Ватикан, наши дни
Тишина в Секретном архиве Ватикана была не просто отсутствием звука. Она была субстанцией. Густой, тяжелой, сотканной из пыли веков, шепота молитв и невысказанных признаний, запертых в миллионах пергаментных страниц. Она давила на барабанные перепонки, делая каждый удар собственного сердца оглушительным, как набатный колокол. Воздух, пахнущий старой бумагой, рассохшейся кожей переплетов и едва уловимой, стерильной нотой озона от работающей аппаратуры, казалось, можно было резать ножом. Для монсеньора Валерио Росси, семидесяти восьми лет от роду, эта тишина была симфонией всей его жизни – колыбельной и реквиемом одновременно. Она была его утешением и его проклятием, хранилищем мудрости и тюрьмой для забытых истин.
Он сидел, ссутулившись, перед терминалом мультиспектрального сканера, и его костлявые пальцы, покрытые сетью старческих пигментных пятен, порхали над сенсорной панелью с проворством, удивительным для его возраста. Свет от экрана отбрасывал призрачные, колеблющиеся блики на его морщинистое лицо и серебристый ободок волос, выхватывая из полумрака глубоко запавшие глаза, которые видели больше, чем было позволено большинству.
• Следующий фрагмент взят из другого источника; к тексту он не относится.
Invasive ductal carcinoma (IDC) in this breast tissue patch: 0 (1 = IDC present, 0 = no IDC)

В этом подземном царстве, где прошлое было живее настоящего, Валерио был не просто главным архивариусом. Он был заклинателем призраков, заставлявшим мертвые буквы говорить. Он был свидетелем веков, не покидая этого подземелья, и бремя этого знания согнуло его плечи сильнее, чем годы.
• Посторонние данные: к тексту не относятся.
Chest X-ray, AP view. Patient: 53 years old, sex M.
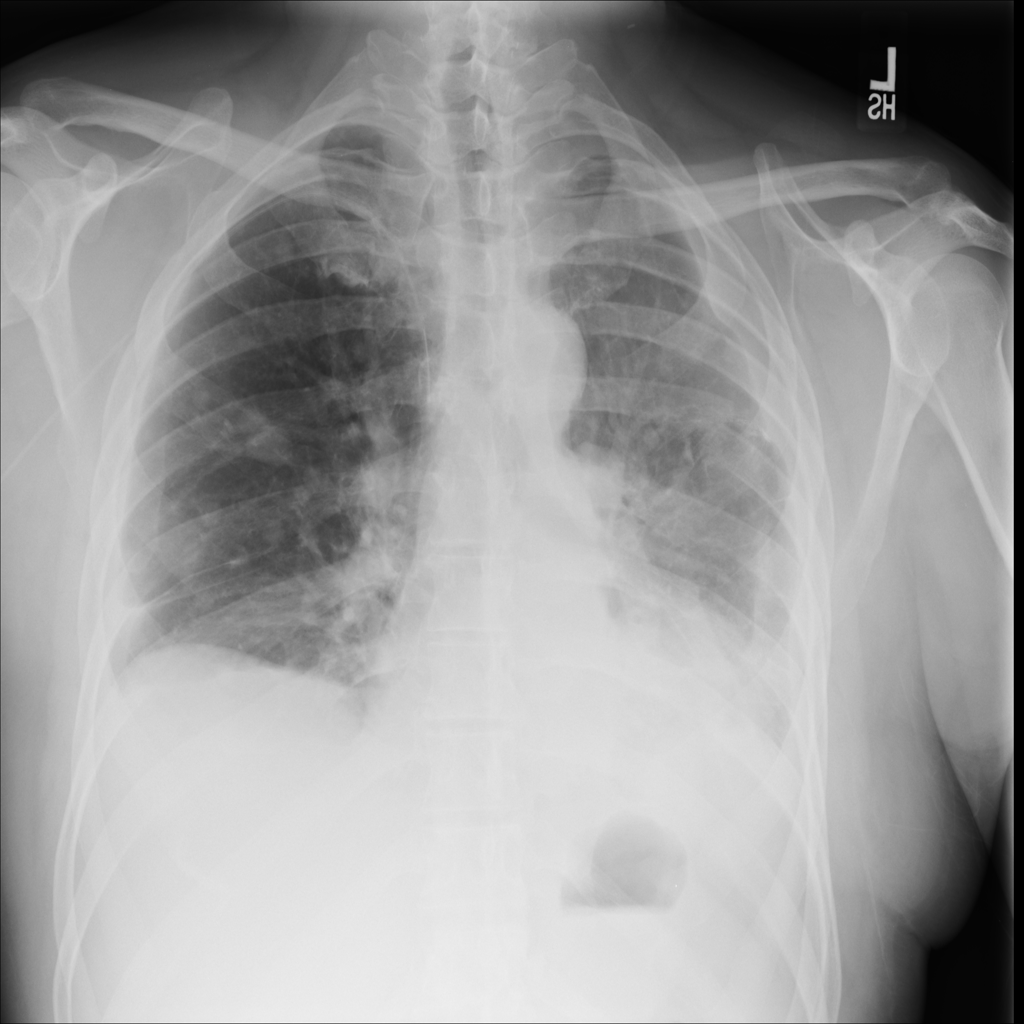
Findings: Atelectasis, Infiltration, Pleural_Thickening

Сегодня его добычей была папская булла 1652 года, изданная Иннокентием X. На первый взгляд – рутинный документ, один из тысяч, проходивших через его руки. Несколько листов толстого, пожелтевшего от времени пергамента, исписанных витиеватой, но предельно ясной латынью, касались распределения церковных земель в Ломбардии. Валерио прочел ее трижды, его натренированный глаз скользил по строкам, не находя ничего примечательного. Юридические формулировки, имена мелких феодалов, границы участков, заверенные печатью. Но что-то – интуиция, отточенная пятьюдесятью годами работы с тайнами, – заставило его не отправлять буллу обратно в хранилище. Что-то в неестественной равномерности чернил, в какой-то стерильной чистоте пергамента под текстом показалось ему подозрительным. Словно искусный художник нарисовал безмятежный пасторальный пейзаж поверх другого, более тревожного полотна. Словно под спокойной поверхностью озера таился темный, бездонный омут.